*** Begin section ***

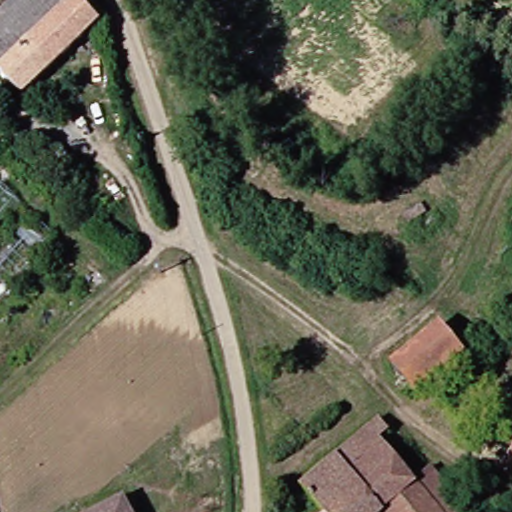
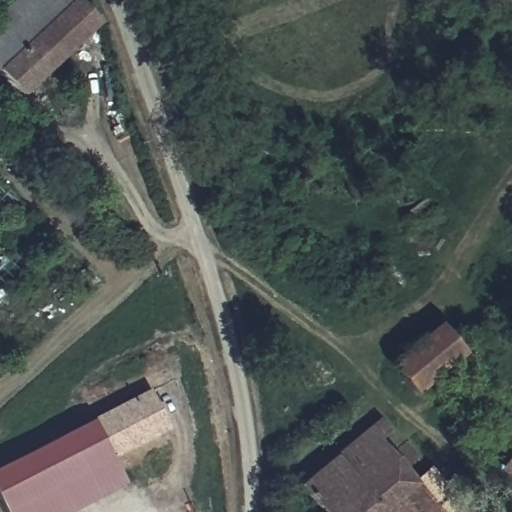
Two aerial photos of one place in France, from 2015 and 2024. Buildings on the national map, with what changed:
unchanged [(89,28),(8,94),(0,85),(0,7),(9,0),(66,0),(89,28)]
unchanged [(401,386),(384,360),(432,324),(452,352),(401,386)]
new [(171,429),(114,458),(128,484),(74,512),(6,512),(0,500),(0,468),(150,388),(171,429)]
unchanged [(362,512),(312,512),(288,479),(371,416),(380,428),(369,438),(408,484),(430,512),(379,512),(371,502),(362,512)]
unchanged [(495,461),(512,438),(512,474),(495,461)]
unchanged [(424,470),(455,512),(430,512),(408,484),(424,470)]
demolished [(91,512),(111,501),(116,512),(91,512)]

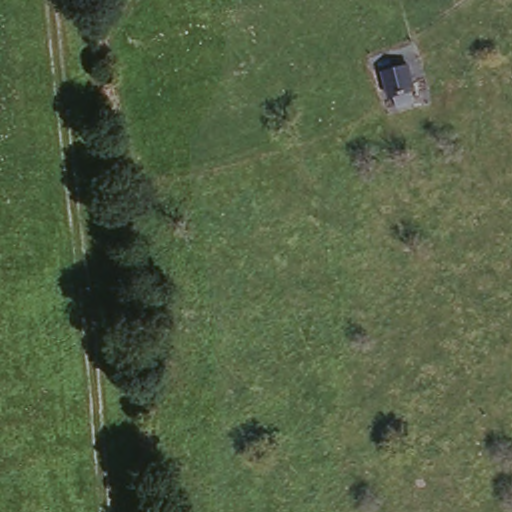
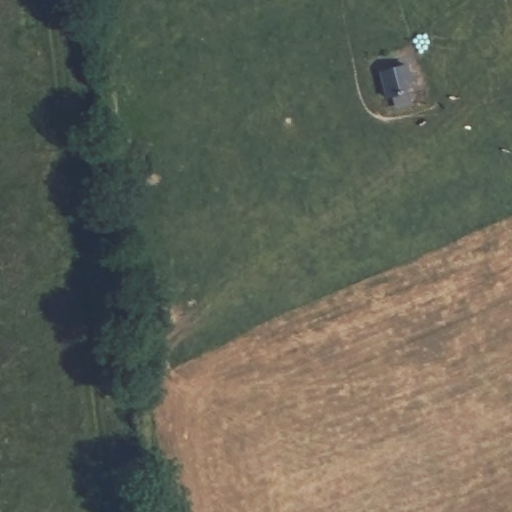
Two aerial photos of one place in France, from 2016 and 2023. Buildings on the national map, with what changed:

*** End section ***

## What to produce
All of the material should be written out again exactly, apart from the pictures.

## Answer space
Two aerial photos of one place in France, from 2015 and 2024. Buildings on the national map, with what changed:
unchanged [(89,28),(8,94),(0,85),(0,7),(9,0),(66,0),(89,28)]
unchanged [(401,386),(384,360),(432,324),(452,352),(401,386)]
new [(171,429),(114,458),(128,484),(74,512),(6,512),(0,500),(0,468),(150,388),(171,429)]
unchanged [(362,512),(312,512),(288,479),(371,416),(380,428),(369,438),(408,484),(430,512),(379,512),(371,502),(362,512)]
unchanged [(495,461),(512,438),(512,474),(495,461)]
unchanged [(424,470),(455,512),(430,512),(408,484),(424,470)]
demolished [(91,512),(111,501),(116,512),(91,512)]

Two aerial photos of one place in France, from 2016 and 2023. Buildings on the national map, with what changed:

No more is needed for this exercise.